*Try it*
Copy out the full data exactly as given; pictures should not be included.

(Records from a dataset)
※ ※ ※
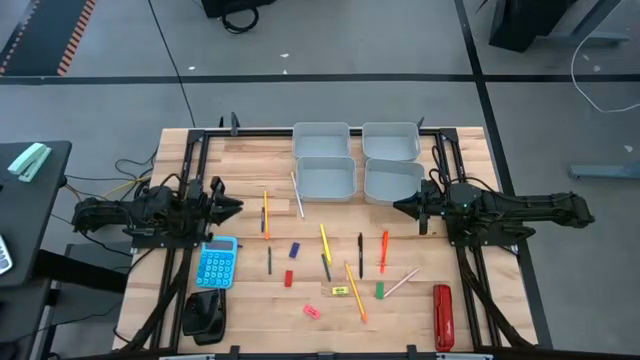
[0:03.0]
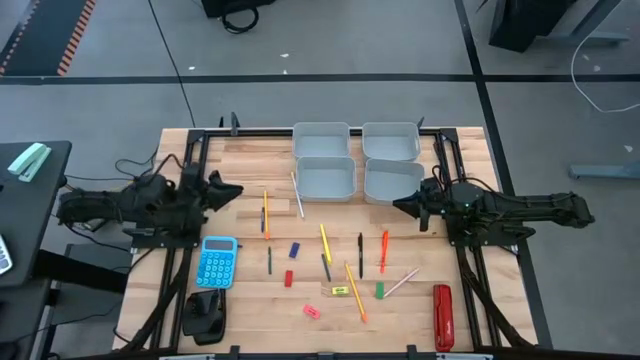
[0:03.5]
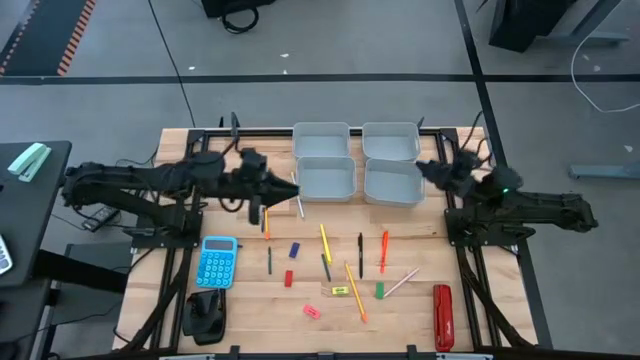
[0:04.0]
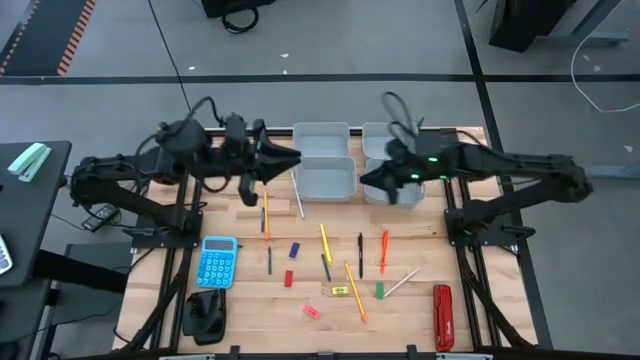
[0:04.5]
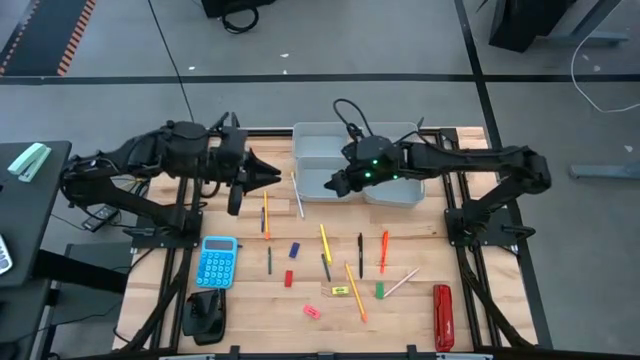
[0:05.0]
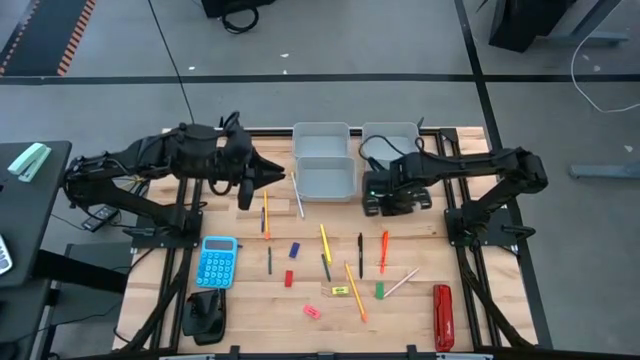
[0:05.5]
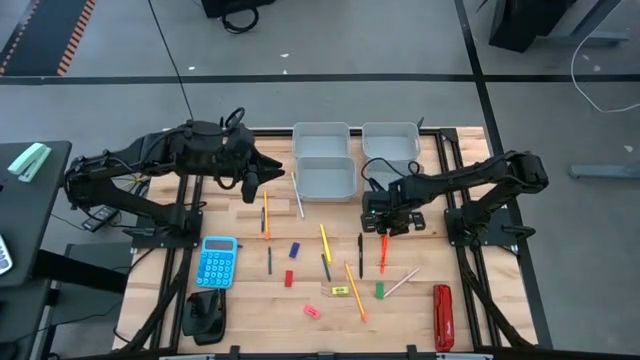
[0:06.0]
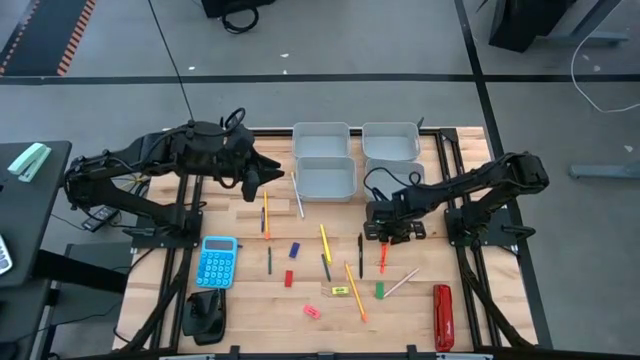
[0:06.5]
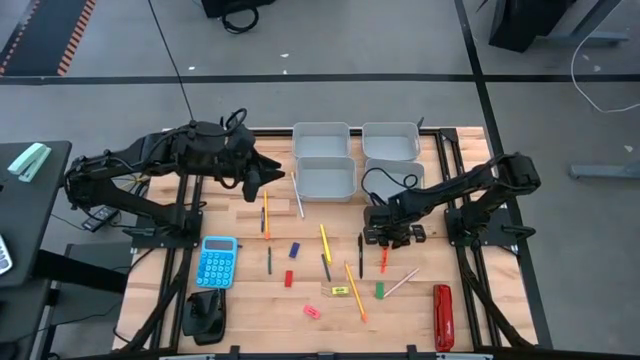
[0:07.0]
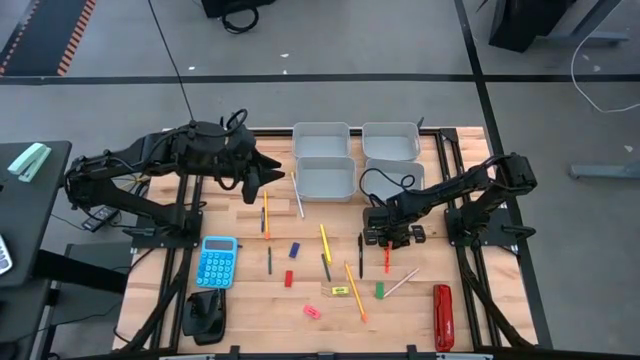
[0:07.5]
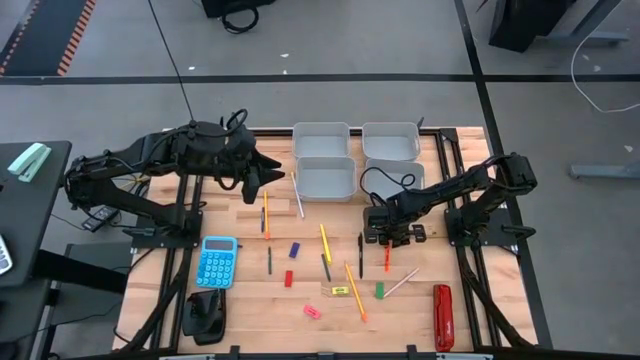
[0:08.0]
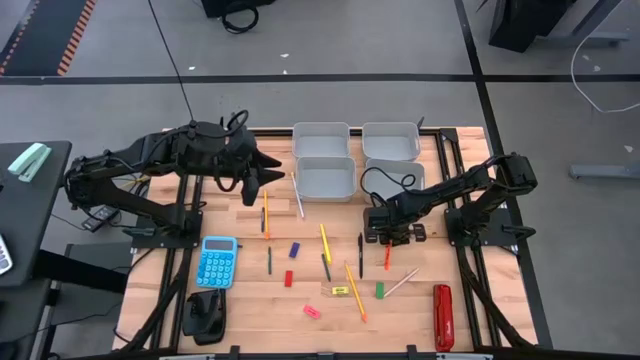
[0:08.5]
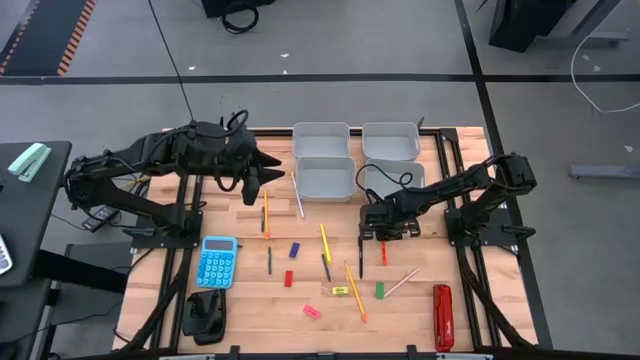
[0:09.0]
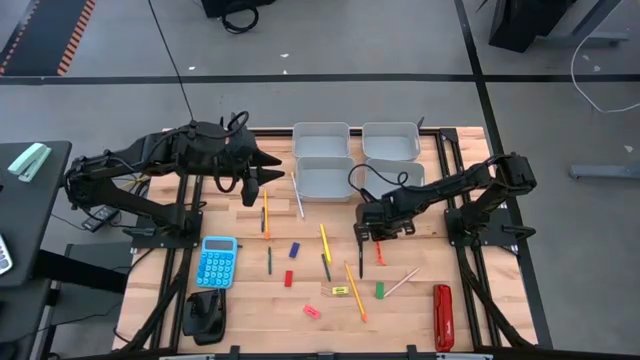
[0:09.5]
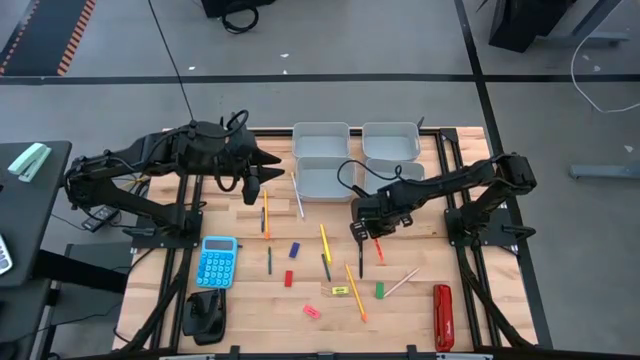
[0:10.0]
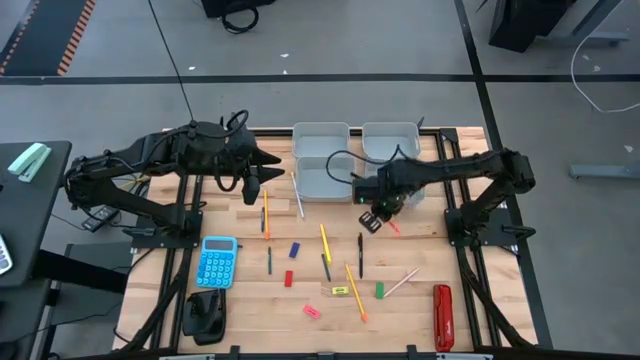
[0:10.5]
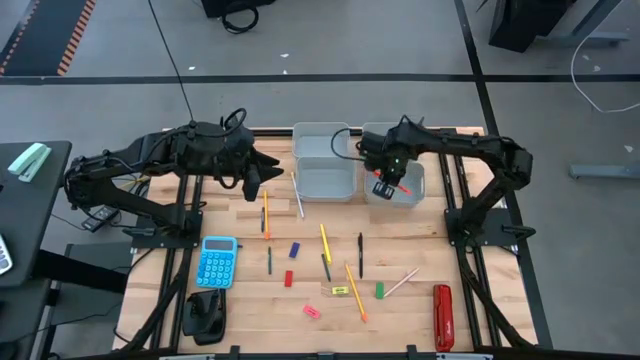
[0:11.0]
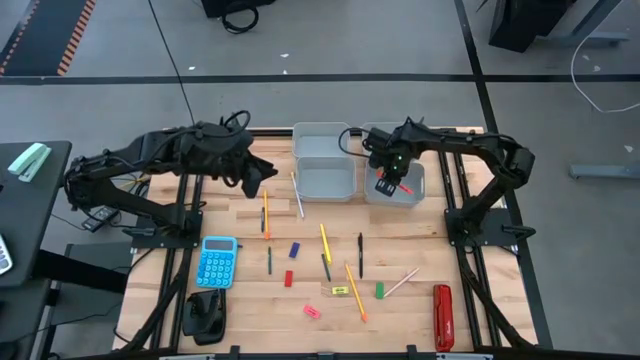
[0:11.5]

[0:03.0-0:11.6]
Task: Sort crayons/erasers/pens/pencils in bins
Put the orange pen into the bottom right gray bin
※ ※ ※
*Task output*
[0:03.0]
[0:03.5]
[0:04.0]
[0:04.5]
[0:05.0]
[0:05.5]
[0:06.0]
[0:06.5]
[0:07.0]
[0:07.5]
[0:08.0]
[0:08.5]
[0:09.0]
[0:09.5]
[0:10.0]
[0:10.5]
[0:11.0]
[0:11.5]

[0:03.0-0:11.6]
Task: Sort crayons/erasers/pens/pencils in bins
Put the orange pen into the bottom right gray bin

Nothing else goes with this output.